Jeder kennt dieses Gefühl: Man schaut einen Film zum ersten Mal, aber glaubt alles zu kennen. Jede Wendung scheint vorhersehbar, jeder Dialog ist einem bereits bekannt. Doch es gibt auch Filme, die altbekannte Genrezutaten neu zusammenmixen und trotzdem den Zuschauer fesseln und überraschen können. Der Action-Thriller „Verhandlungssache“ von Regisseur F. Gary Gray gehört in diese Kategorie.
Danny Roman (Samuel L. Jackson) ist einer der erfolgreichsten Verhandlungsspezialisten für Geiselnahmen in ganz Chicago. Eines Tages weist sein Partner ihn auf eine Korruptionsaffäre innerhalb ihres Departments hin und wird kurz darauf ermordet.
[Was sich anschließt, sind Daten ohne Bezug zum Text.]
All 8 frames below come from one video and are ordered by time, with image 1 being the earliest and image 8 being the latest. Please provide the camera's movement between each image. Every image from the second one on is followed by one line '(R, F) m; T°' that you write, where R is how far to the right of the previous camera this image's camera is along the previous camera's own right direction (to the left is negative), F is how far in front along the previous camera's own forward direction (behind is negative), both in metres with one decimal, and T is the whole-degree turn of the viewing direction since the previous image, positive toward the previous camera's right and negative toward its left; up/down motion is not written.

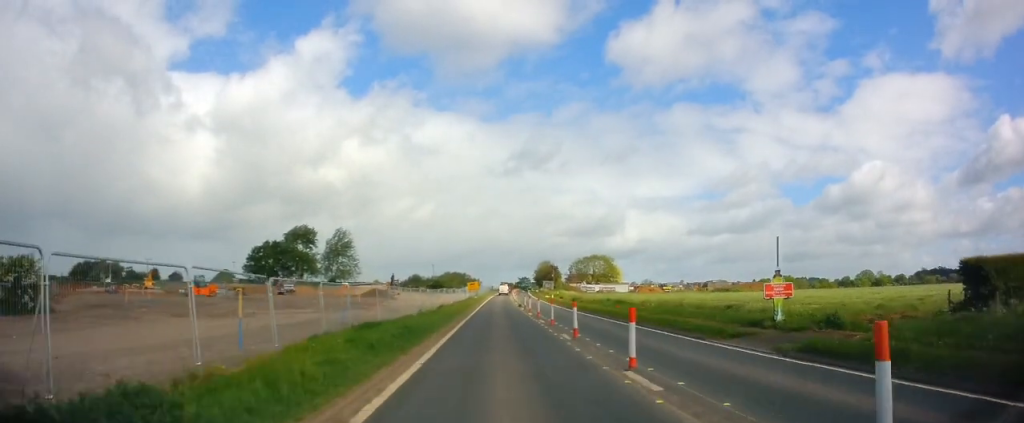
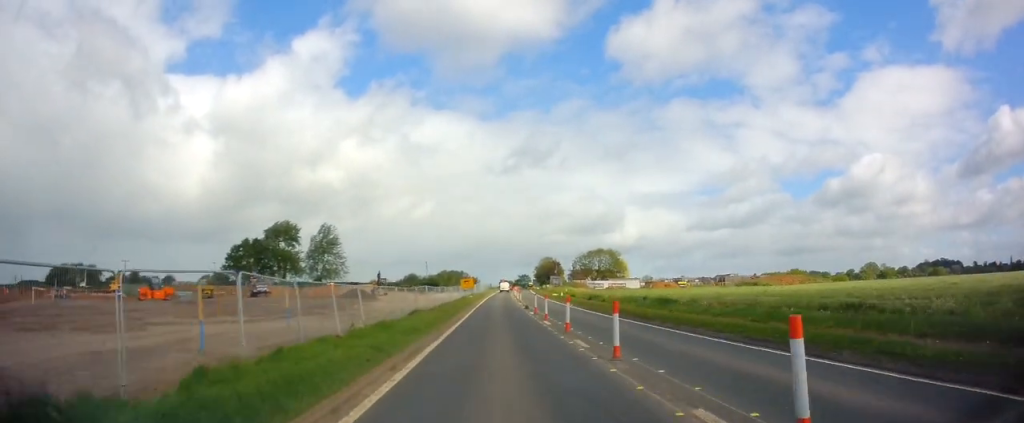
(-0.1, +12.1) m; 0°
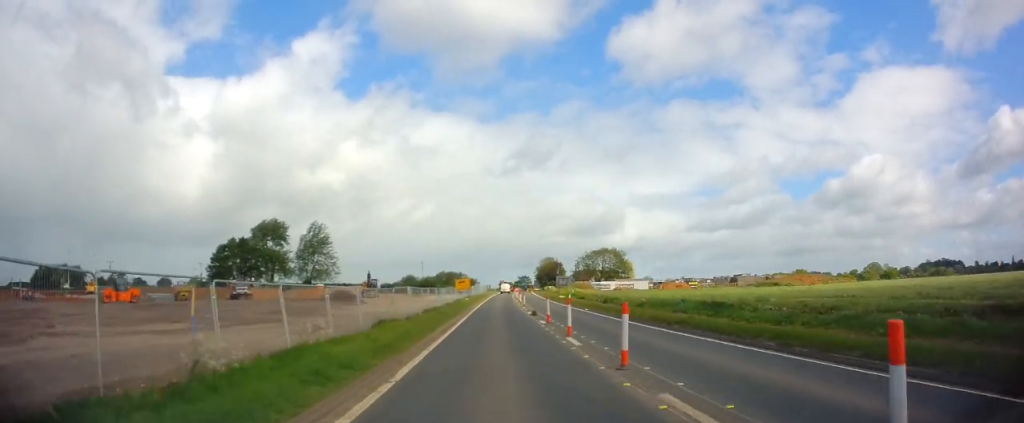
(+0.1, +7.6) m; +1°
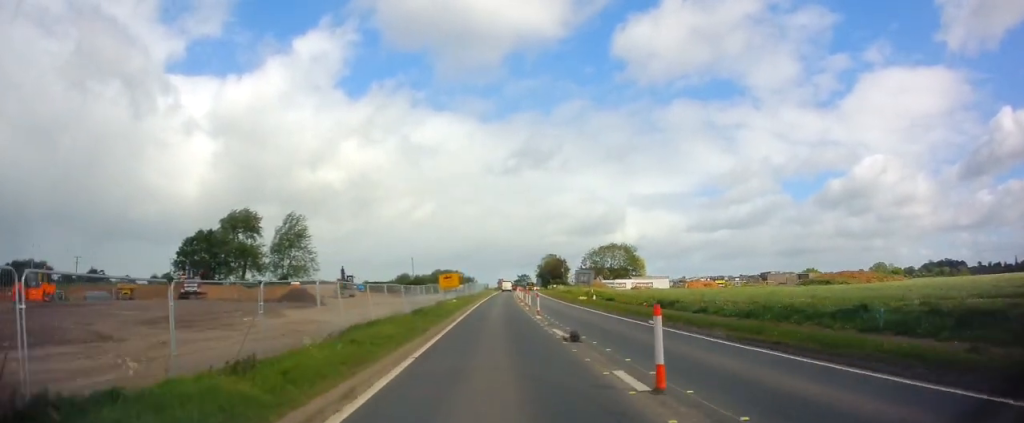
(+0.2, +15.2) m; +1°
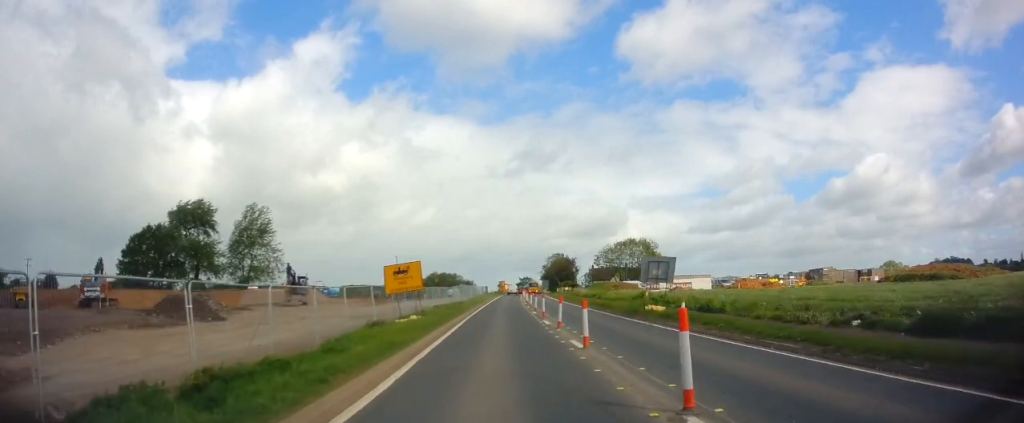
(-0.2, +20.5) m; -1°
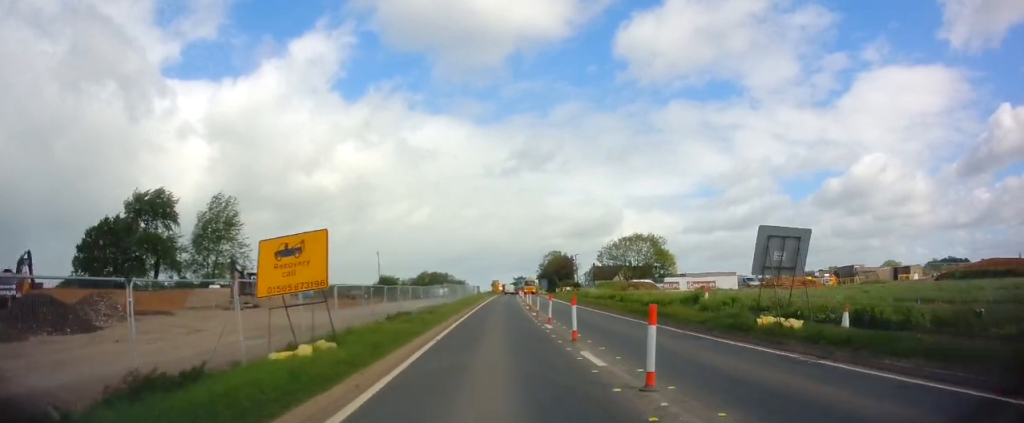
(0.0, +11.6) m; +1°
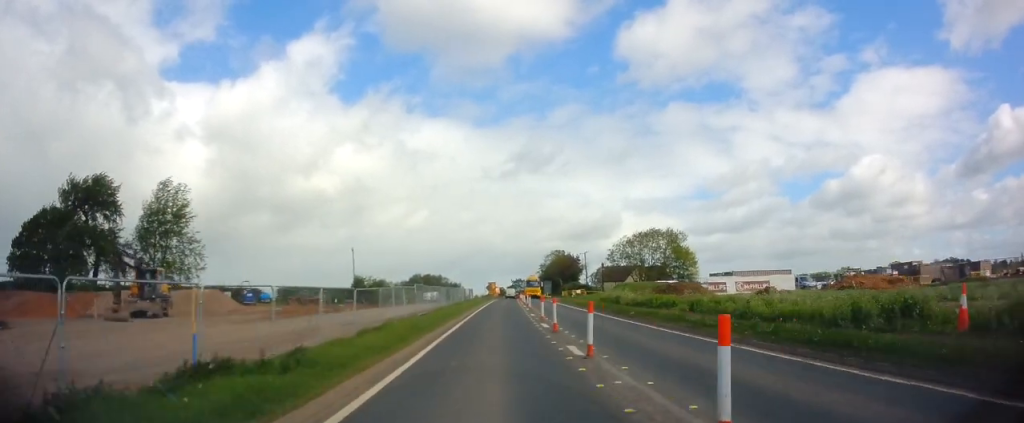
(+0.2, +15.8) m; 0°
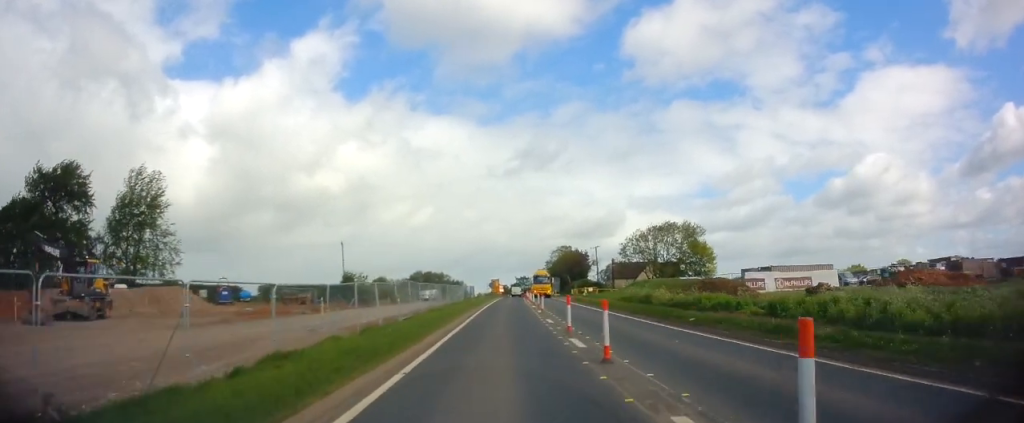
(-0.1, +7.6) m; 0°

Alle Beweise deuten daraufhin, dass Danny den Mord begangen hat und niemand außer seiner Frau glaubt an seine Unschuld. Aus lauter Verzweiflung nimmt Danny einen Beamten der Internen Ermittlung, von dem er glaubt, er sei schuldig und einige andere Menschen als Geiseln. Da er den Mitgliedern seiner Einheit nicht trauen kann, verlangt er, dass Verhandlungsspezialist Chris Sabian (Kevin Spacey) aus dem Nachbarrevier zur Verhandlung mit ihm hinzugezogen wird und versucht nun seine Unschuld zu beweisen.
Die Handlung klingt erstmal alles andere als neu. Doch auch wenn das Thema „Mann versucht seine Unschuld zu beweisen“ mehr als oft genug für eine Filmhandlung herhalten musste, schafft es „Verhandlungssache“ den Zuschauer schon nach kurzer Zeit zu fesseln. Denn man weiß genauso wenig wie Danny, wer zu den Schuldigen gehört und wer nicht. Auch der Außenstehende Chris Sabian, ist kein Mann, dem Danny wirklich vertrauen kann, da er ihn schließlich überhaupt nicht kennt. Und so stellt sich immer die Frage: „Was, wenn Sabian sich auf einmal mit den korrupten Polizisten zusammentut?“ Diese Ungewissheit darüber, wer auf welcher Seite steht, macht „Verhandlungssache“ zu einer verdammt spannenden Angelegenheit, bei der die Charaktere nicht immer nur „schwarz“ oder „weiß“, sondern oft „grau“ sind.
Dazu kommt dann noch das geniale Spiel der beiden Hauptdarsteller. Samuel L. Jackson lässt den Zuschauer Dannys Verzweiflung genauso spüren, wie seine Entschlossenheit. Jede seiner Taten und sei sie auch noch so extrem, kann Jackson absolut glaubwürdig rüberbringen, was sehr wichtig ist, damit der Film sich nicht lächerlich macht. Danny Roman kann man getrost zu den besten Leistungen seiner Karriere zählen. Und deshalb schafft er es auch gegen den – wie immer – großartigen Kevin Spacey zu bestehen. Zu Beginn ist sein Chris Sabian noch ein Mann, der nur seinen Job tut. Er hat kein Interesse daran, sich mit Dannys Verschwörungsgeschichte zu beschäftigen. Er will nur dafür sorgen, dass sein Verlustrate weiterhin „0“ beträgt. Doch mit der Zeit kommen auch ihm Zweifel bezüglich der Absichten von Dannys Kollegen. Diese Wandlung ist Dank Spaceys tollem Spiel zu jeder Zeit glaubwürdig. Denn Spacey lässt Sabian diese Wandlung nur ganz langsam und vorsichtig vollziehen. Bis zum Schluss hat er immer noch seine Zweifel bezüglich Dannys Geschichte.
Die Nebendarsteller machen ihren Job alle mehr als amtlich. Insbesondere David Morse und J.T. Walsh liefern eine tolle Leistung.
Die sehr ernste Handlung wird zudem noch durch eine kleine Portion Humor aufgelockert und durch einen wirklich tollen Soundtrack unterstützt, der nie belanglos vor sich hin plätschert. Dazu beweist F. Gary Gray auch ein gutes inszenatorisch Geschick bei den kurzen und wohl dosierten Action-Szenen, die nie so übertrieben wirken, wie in den meisten anderen Hollywood-Filmen.
Jeder Freund von spannendem Genre-Kino muss „Verhandlungssache“ einmal gesehen haben. Zum absoluten Meisterwerk fehlen zwar noch die Innovationen, doch bessere Unterhaltung wird man trotzdem nirgendwo finden.